• **Task item**: These records are to be written out exactly as they read, minus the pictures.

::: Input data

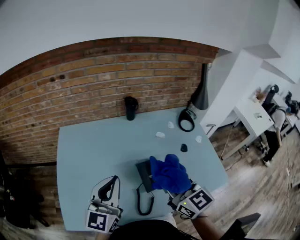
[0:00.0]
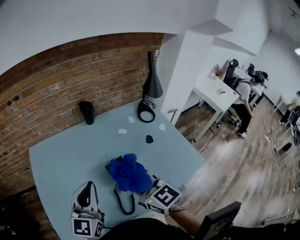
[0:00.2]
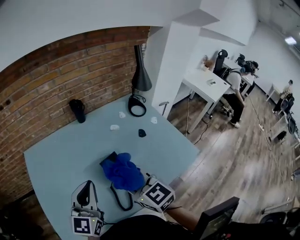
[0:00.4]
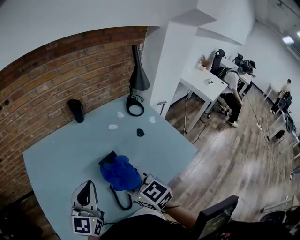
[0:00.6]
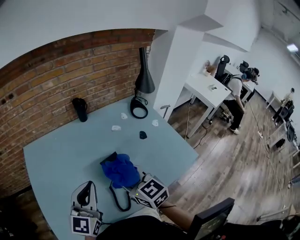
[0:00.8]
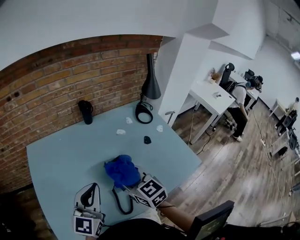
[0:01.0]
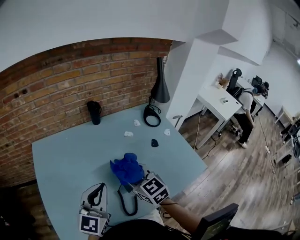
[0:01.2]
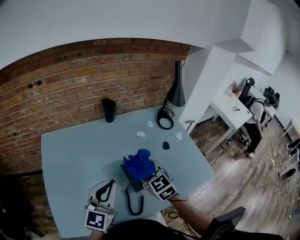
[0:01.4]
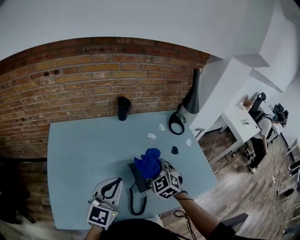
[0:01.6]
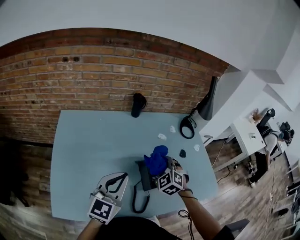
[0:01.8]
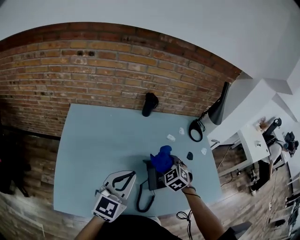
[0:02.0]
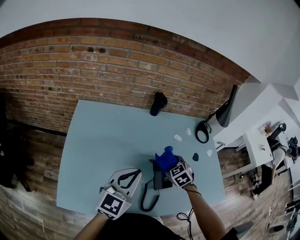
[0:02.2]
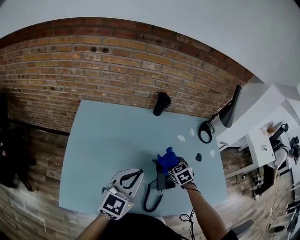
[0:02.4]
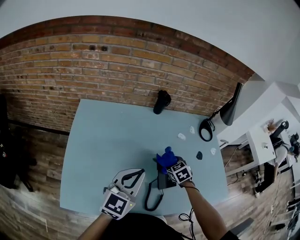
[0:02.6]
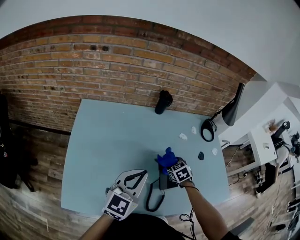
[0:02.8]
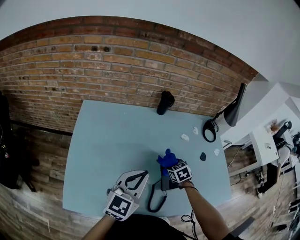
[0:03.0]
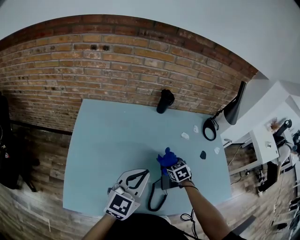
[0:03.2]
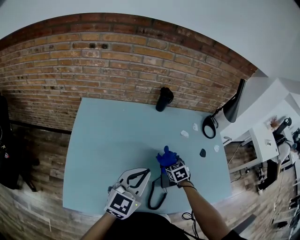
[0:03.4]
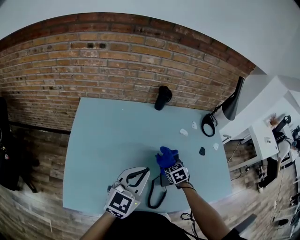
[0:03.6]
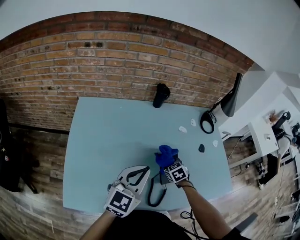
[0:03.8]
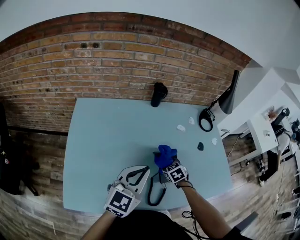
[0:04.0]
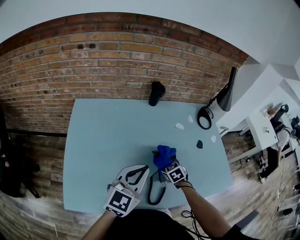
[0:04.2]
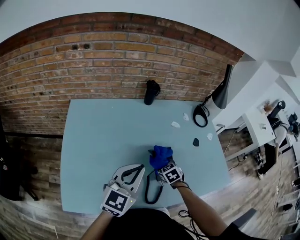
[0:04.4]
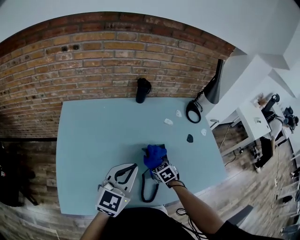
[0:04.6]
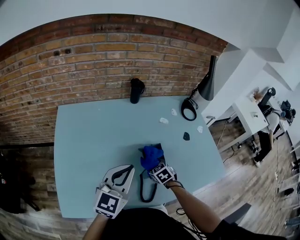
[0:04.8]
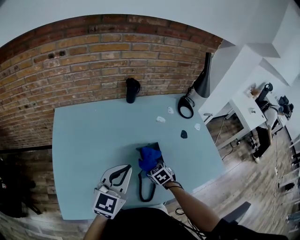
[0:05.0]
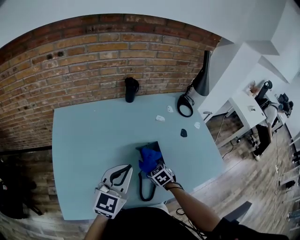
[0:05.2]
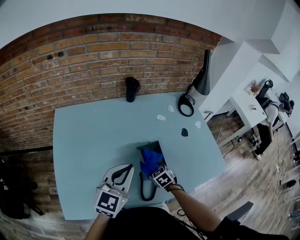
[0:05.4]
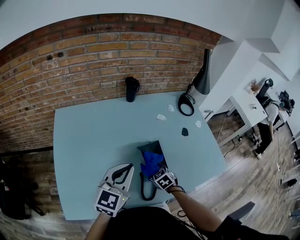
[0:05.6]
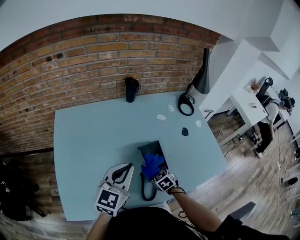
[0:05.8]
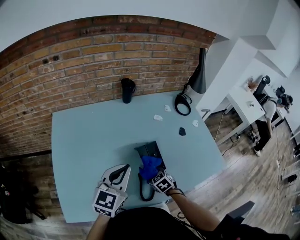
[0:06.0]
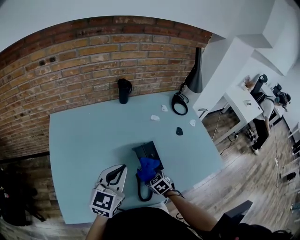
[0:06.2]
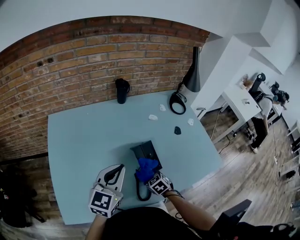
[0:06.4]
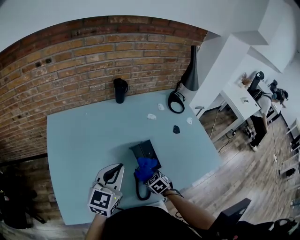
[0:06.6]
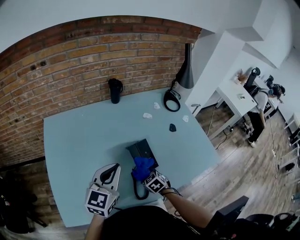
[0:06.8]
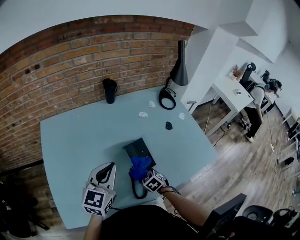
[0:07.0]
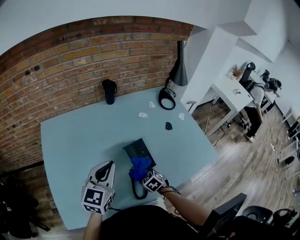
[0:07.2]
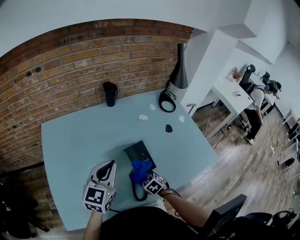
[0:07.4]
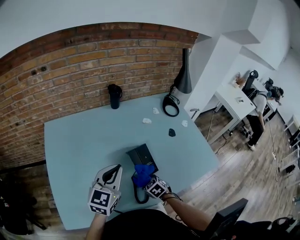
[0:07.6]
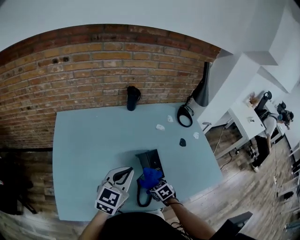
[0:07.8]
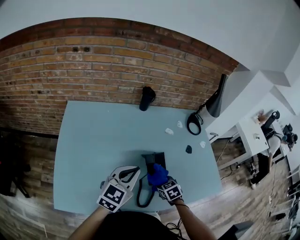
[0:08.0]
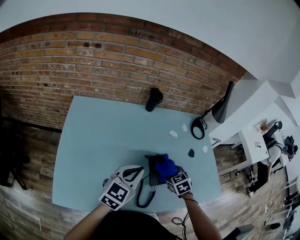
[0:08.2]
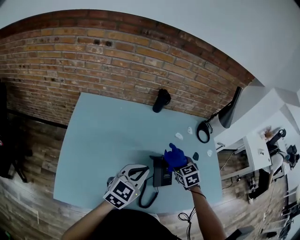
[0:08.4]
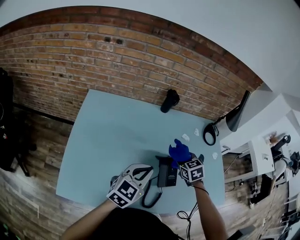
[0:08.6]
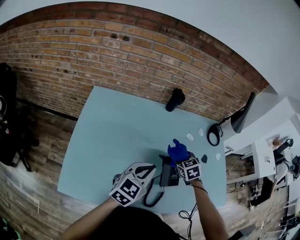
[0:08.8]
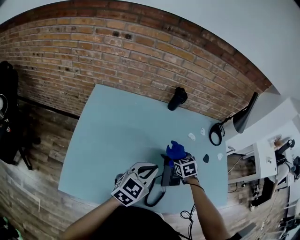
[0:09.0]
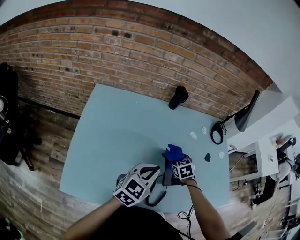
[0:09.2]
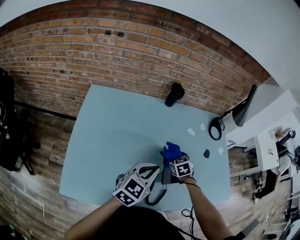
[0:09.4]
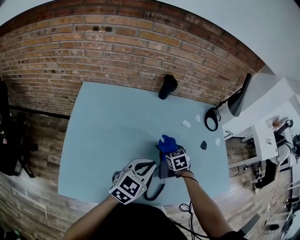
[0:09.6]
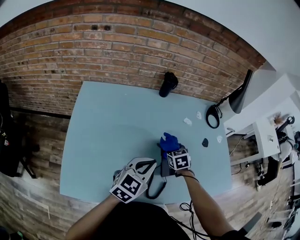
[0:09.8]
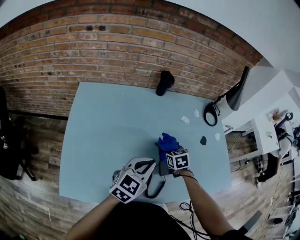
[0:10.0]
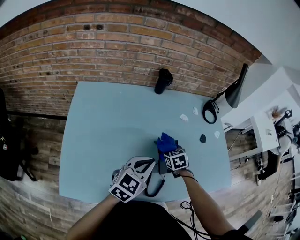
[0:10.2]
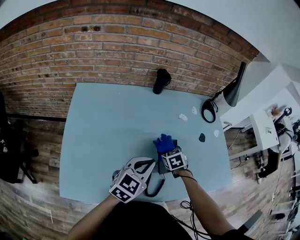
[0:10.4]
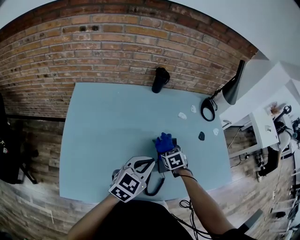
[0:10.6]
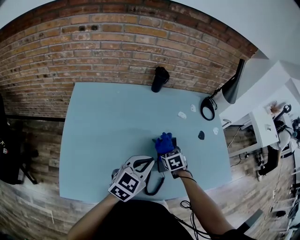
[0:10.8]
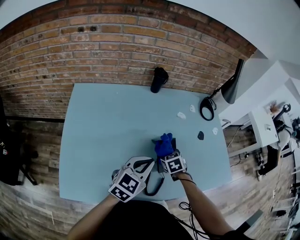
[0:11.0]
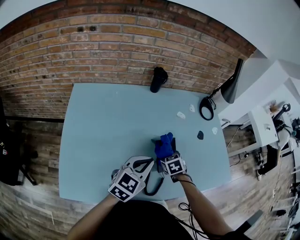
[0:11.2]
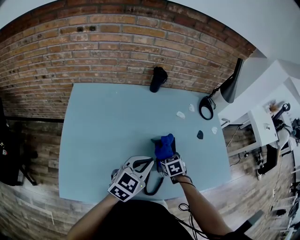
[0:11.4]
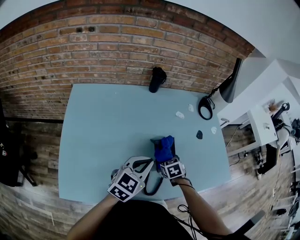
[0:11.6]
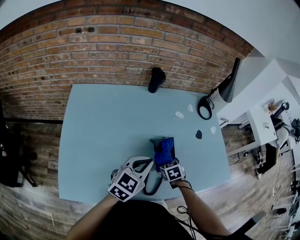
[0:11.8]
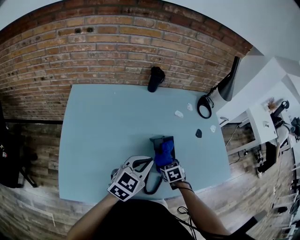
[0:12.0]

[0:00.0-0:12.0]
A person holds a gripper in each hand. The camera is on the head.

::::::

• **Expected answer**:
[0:00.0]
[0:00.2]
[0:00.4]
[0:00.6]
[0:00.8]
[0:01.0]
[0:01.2]
[0:01.4]
[0:01.6]
[0:01.8]
[0:02.0]
[0:02.2]
[0:02.4]
[0:02.6]
[0:02.8]
[0:03.0]
[0:03.2]
[0:03.4]
[0:03.6]
[0:03.8]
[0:04.0]
[0:04.2]
[0:04.4]
[0:04.6]
[0:04.8]
[0:05.0]
[0:05.2]
[0:05.4]
[0:05.6]
[0:05.8]
[0:06.0]
[0:06.2]
[0:06.4]
[0:06.6]
[0:06.8]
[0:07.0]
[0:07.2]
[0:07.4]
[0:07.6]
[0:07.8]
[0:08.0]
[0:08.2]
[0:08.4]
[0:08.6]
[0:08.8]
[0:09.0]
[0:09.2]
[0:09.4]
[0:09.6]
[0:09.8]
[0:10.0]
[0:10.2]
[0:10.4]
[0:10.6]
[0:10.8]
[0:11.0]
[0:11.2]
[0:11.4]
[0:11.6]
[0:11.8]
[0:12.0]

[0:00.0-0:12.0]
A person holds a gripper in each hand. The camera is on the head.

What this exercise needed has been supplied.